Garage Doors Can Have Character Too
By First United Door Technologies
Whether you’re planning to build a new home or are doing a remodel, it’s unlikely you think much about your garage door. Still, it’s the largest moving part in your home and the broadest piece of curb appeal on display. Today’s best garage doors are detailed to blend into the aesthetics of the home’s design. Their architectural frame occupies a major portion of the front landscape and has a major impact on the street perception of the home.
Garage doors can have character too. In many homes, the garage doors often incorporate carriage house motifs that greatly enhance the architectural character of the home and the neighborhood. The latest garage doors offer increased style and function that can enhance the aesthetics of any home. And they are safer to use than ever before.
Decorative options are helping homeowners differentiate their doors adding a dynamic architectural accentuation to their home with a selection of glass inserts and new styles of hardware. Homeowners and builders alike are expressing increased interest in carriagestyle garage doors, designed to fool the eye and mimic old-style sliding or swing-up doors. These are drawing the most attention due to their distinctive architectural styling and for traditionally styled homes this is a handcrafted looking door that is best suited.
To fashion a striking first impression, taking metal garage doors and painting them with a custom faux-paint treatment giving them a deeply embossed wood-grain pattern can them a rich, dramatic effect. For a contemporary house, the garage door’s character may show through in its panel design, incorporating detailing from different architectural styles. On the other hand, a garage door with clean lines and a smooth finish may be more
appropriate.
Adore Your Door. Your garage door is one of the most visible aspects of your home, so it makes sense to have one with character.
Garages That Say, ‘Welcome Home, Cars’
When the car became the dominant means of transport in this country, every new house of any size had to have a garage.
Many if not most of these garages were given a prominent front-row spot – they faced the street. The phrase “attached garage” was a price booster. To be able to walk straight to it from the kitchen without braving the elements was a sign of arriviste luxury.
Often necessitated by lot size, a garage door dominates. Even when it’s not protruding, but set flush in the structure’s front, it manages to draw the eye, to make you look at – because they are closed most of the time – blank walls. The house becomes a backdrop.

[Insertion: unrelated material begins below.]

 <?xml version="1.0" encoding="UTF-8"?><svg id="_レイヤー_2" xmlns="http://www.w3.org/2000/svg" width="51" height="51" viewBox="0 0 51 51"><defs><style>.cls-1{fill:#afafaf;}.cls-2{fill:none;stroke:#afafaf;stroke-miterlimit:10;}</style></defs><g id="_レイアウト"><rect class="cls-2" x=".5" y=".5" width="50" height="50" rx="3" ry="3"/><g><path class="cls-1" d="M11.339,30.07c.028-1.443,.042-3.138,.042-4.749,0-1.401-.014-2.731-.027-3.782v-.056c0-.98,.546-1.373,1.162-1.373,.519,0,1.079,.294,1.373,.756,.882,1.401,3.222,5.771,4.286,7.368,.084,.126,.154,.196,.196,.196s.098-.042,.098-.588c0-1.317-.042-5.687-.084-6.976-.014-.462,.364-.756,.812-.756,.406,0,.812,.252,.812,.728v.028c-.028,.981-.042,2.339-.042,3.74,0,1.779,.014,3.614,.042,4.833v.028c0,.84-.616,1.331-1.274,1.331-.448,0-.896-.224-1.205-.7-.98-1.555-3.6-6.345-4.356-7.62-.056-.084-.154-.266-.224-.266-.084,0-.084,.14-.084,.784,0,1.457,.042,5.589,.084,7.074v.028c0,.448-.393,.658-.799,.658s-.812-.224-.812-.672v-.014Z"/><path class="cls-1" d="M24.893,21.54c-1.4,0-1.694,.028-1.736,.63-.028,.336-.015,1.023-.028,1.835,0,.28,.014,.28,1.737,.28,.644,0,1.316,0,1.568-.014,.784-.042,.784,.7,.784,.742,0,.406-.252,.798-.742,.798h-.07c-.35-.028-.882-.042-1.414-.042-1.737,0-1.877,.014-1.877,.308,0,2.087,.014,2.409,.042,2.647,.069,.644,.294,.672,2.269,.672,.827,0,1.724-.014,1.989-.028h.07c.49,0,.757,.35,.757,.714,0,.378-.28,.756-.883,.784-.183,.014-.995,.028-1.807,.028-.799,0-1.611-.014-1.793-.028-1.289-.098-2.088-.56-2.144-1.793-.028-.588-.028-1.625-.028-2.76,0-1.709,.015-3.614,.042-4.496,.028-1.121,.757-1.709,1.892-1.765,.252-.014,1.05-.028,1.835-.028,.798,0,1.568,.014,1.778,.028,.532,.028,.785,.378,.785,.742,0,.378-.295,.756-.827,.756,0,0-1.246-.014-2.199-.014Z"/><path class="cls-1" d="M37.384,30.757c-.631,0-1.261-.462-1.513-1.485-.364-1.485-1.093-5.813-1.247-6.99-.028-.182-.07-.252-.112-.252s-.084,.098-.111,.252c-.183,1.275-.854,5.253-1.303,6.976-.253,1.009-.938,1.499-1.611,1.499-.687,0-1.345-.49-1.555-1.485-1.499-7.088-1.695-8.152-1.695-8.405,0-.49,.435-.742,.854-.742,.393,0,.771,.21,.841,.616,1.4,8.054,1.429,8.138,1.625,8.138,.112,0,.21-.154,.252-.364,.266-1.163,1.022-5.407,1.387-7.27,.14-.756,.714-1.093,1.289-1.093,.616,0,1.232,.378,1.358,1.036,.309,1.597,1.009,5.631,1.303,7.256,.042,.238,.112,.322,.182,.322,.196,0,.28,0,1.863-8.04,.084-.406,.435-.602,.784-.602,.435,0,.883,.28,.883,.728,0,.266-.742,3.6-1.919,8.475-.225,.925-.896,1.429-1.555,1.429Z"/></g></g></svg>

“Welcome home, cars,” seems to be the greeting. Here’s the problem: Our cars are bigger and our garages are bigger. Most of our garages face the street so you can’t miss them. Bulky, boring garages make houses look bad and cheap. In certain neighborhoods, the homes look so much alike that the only way to find your house is to use the garage-door opener and see which one goes up.
There is a need to make the front elevation of the home inviting, and not a moment too soon, for communities that could fairly be described as a vast wasteland of ugly garages. Architects and builders alike, responding to demand from home buyers and home renovators, are designing garages that complement house styles.
Adding distinctive architectural styling to the garage, simply, can add curbside drama.